A population of rhesus monkeys that were obese due to overeating and lack of exercise was used to test the effects of adipotide (the ligand-directed peptidomimetic CKGGRAKDC-GG-D(KLAKLAK)2), which had been shown previously to reduce the body weight of obese mice by more than 30%.

Investigators at the University of Texas MD Anderson Cancer Center (Houston, USA) designed adipotide to bind to two receptors, ANXA2 and prohibitin, that are specific to blood vessels supplying white adipose tissue. They reported in the November 9, 2011, issue of the journal Science Translational Medicine that treatment with adipotide induced targeted apoptosis within blood vessels of white adipose tissue and resulted in rapid weight loss and improved insulin resistance. After four weeks of treatment, the obese monkeys lost on average 11% of their body weight. Lean monkeys in the control group did not lose weight, indicating that the drug’s effect may be selective for obese subjects.

Magnetic resonance imaging and dual-energy X-ray absorptiometry confirmed a 27% reduction in white adipose tissue in the treated monkeys while fat levels increased slightly in the control group.

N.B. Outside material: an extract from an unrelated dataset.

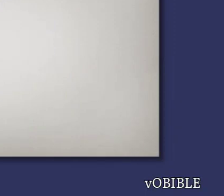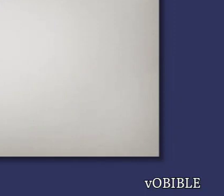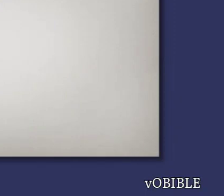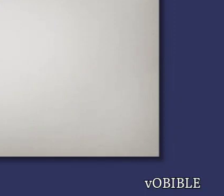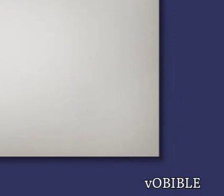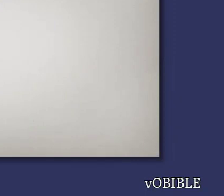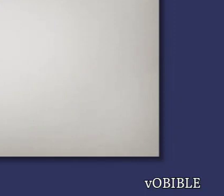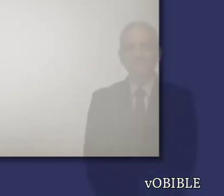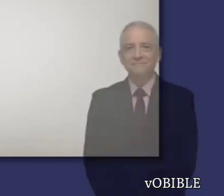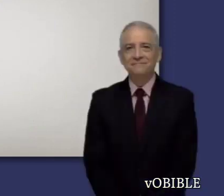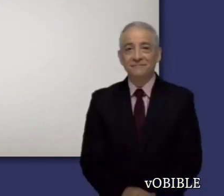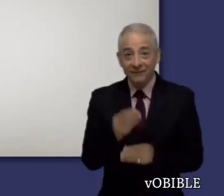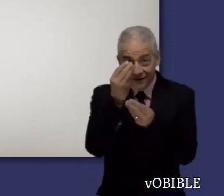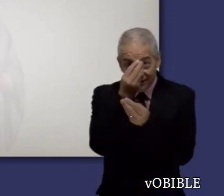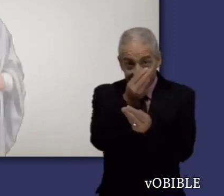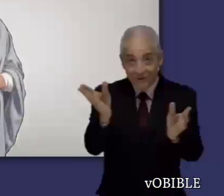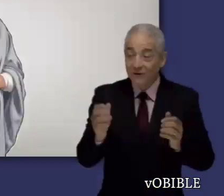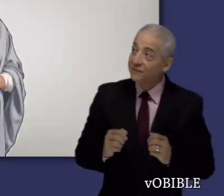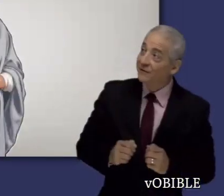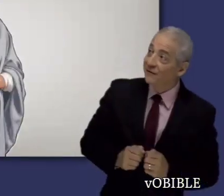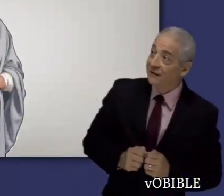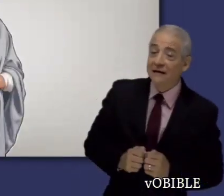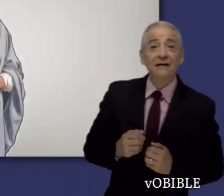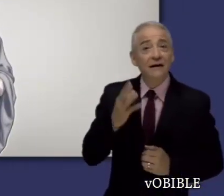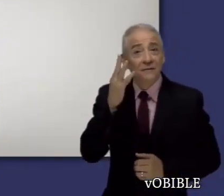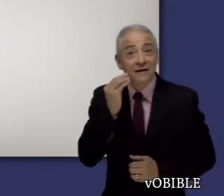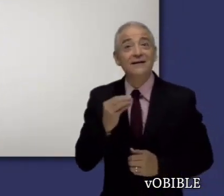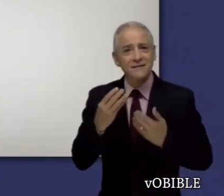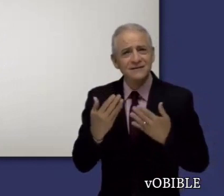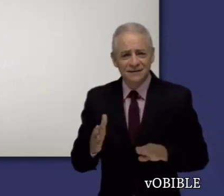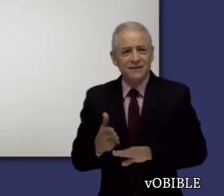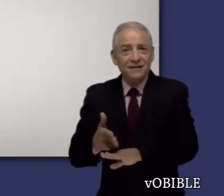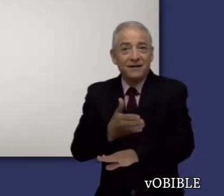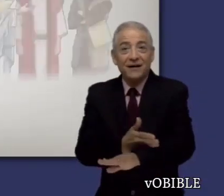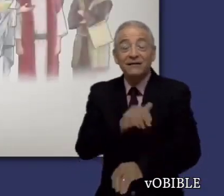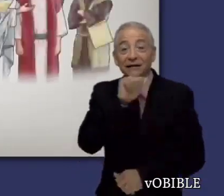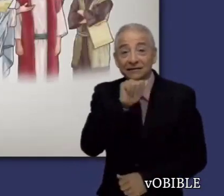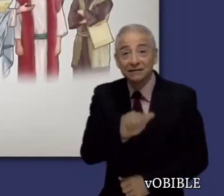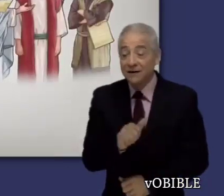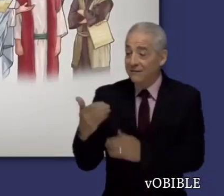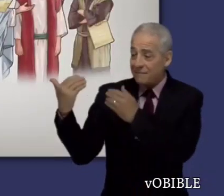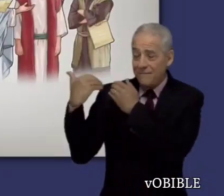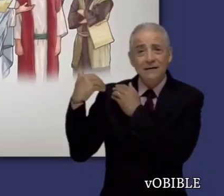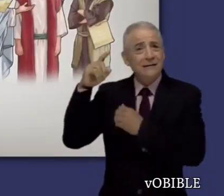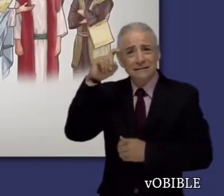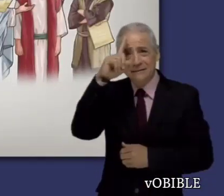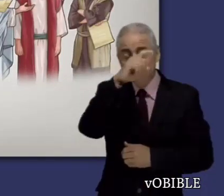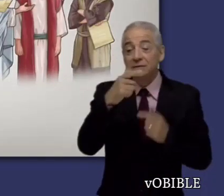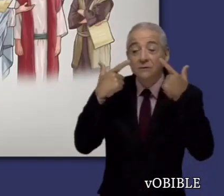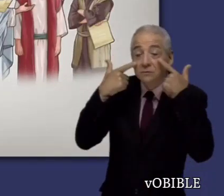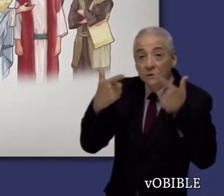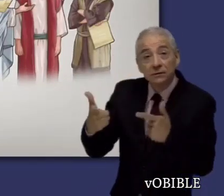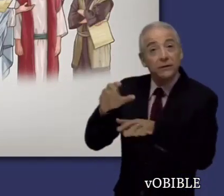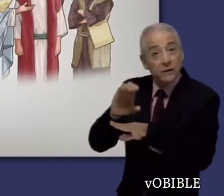¿Lo sabía? Tito ya había demostrado ser un superintendente cristiano al que se le podían encargar asignaciones
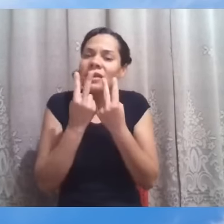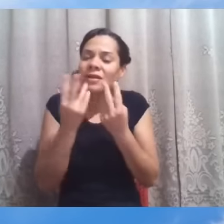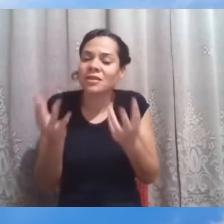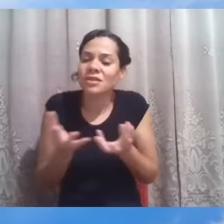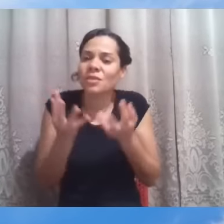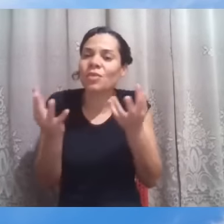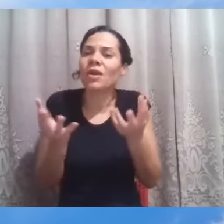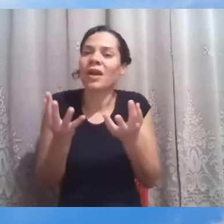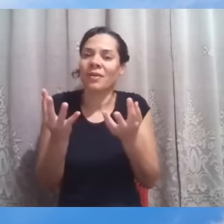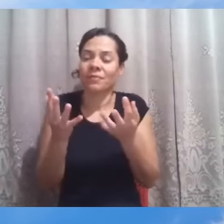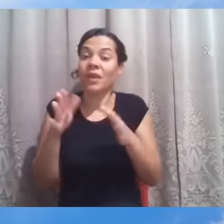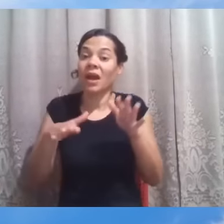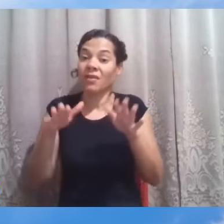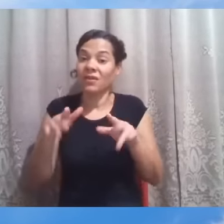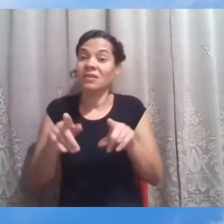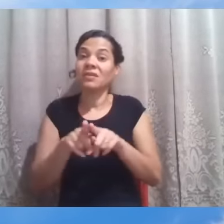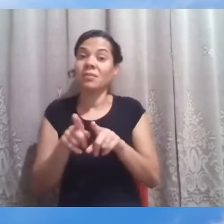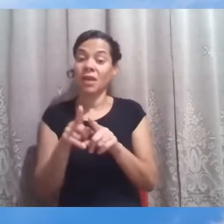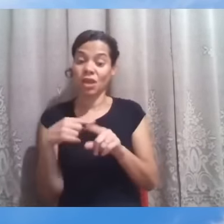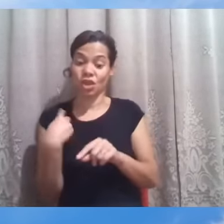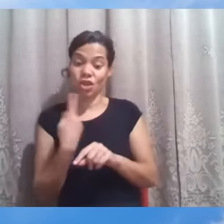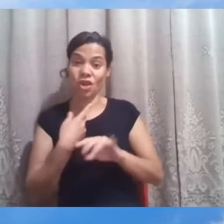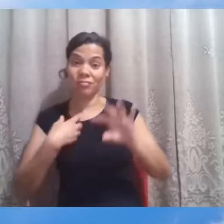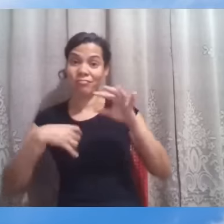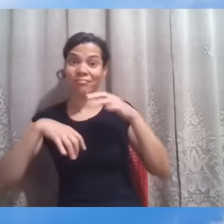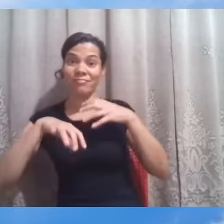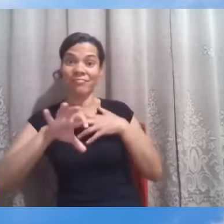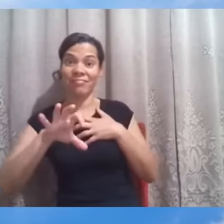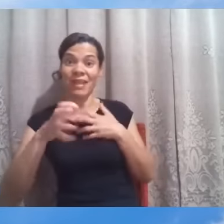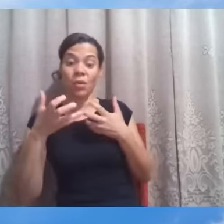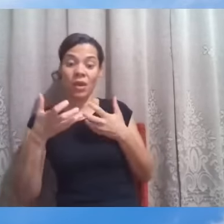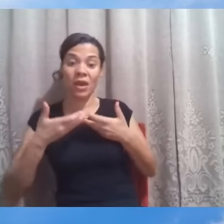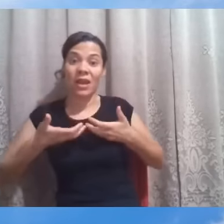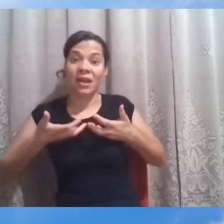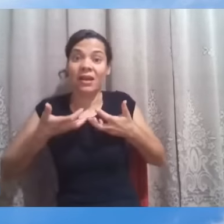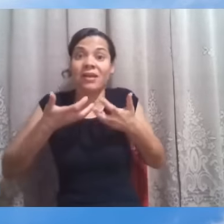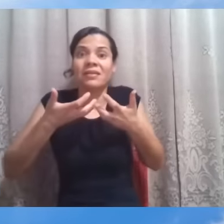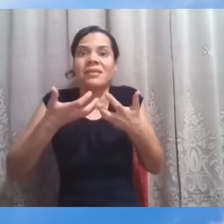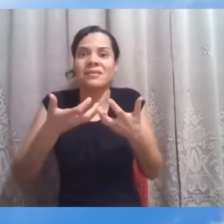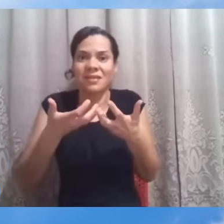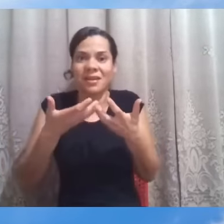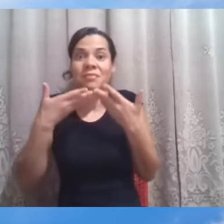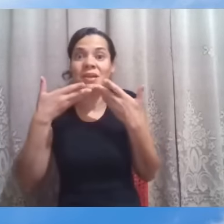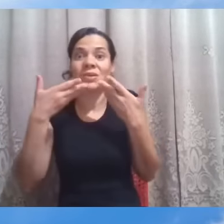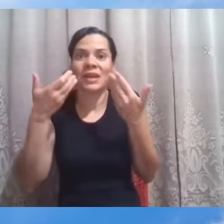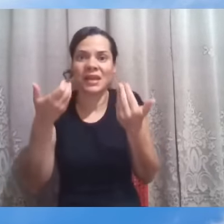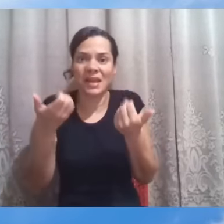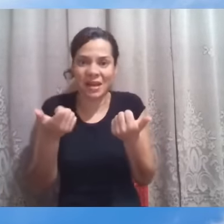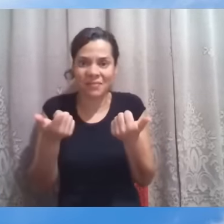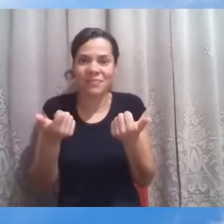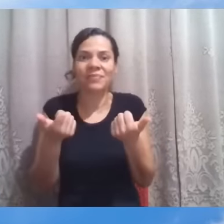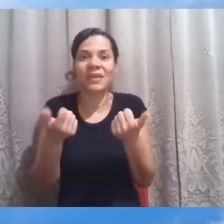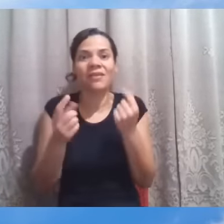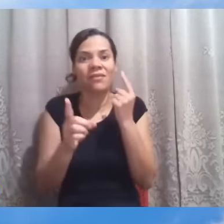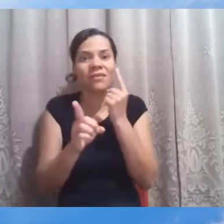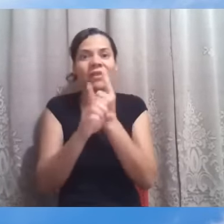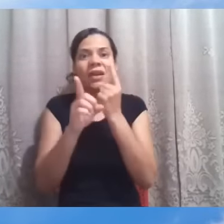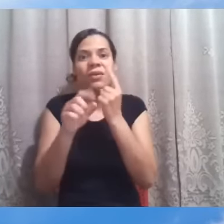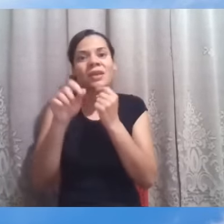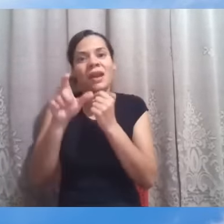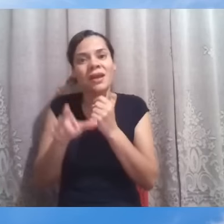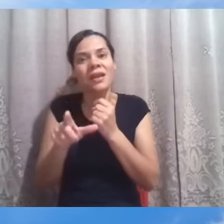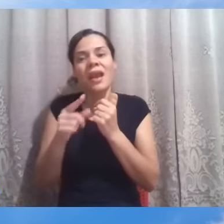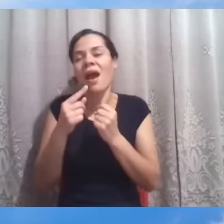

“Most drugs against obesity fail in transition between rodents and primates,” said senior author Dr. Renata Pasqualini, professor of medicine and experimental diagnostic imaging at the MD Anderson Cancer Center. “All rodent models of obesity are faulty because their metabolism and central nervous system control of appetite and satiety are very different from primates, including humans. We are greatly encouraged to see substantial weight loss in a primate model of obesity that closely matches the human condition. Development of this compound for human use would provide a nonsurgical way to actually reduce accumulated white fat, in contrast to current weight-loss drugs that attempt to control appetite or prevent absorption of dietary fat.”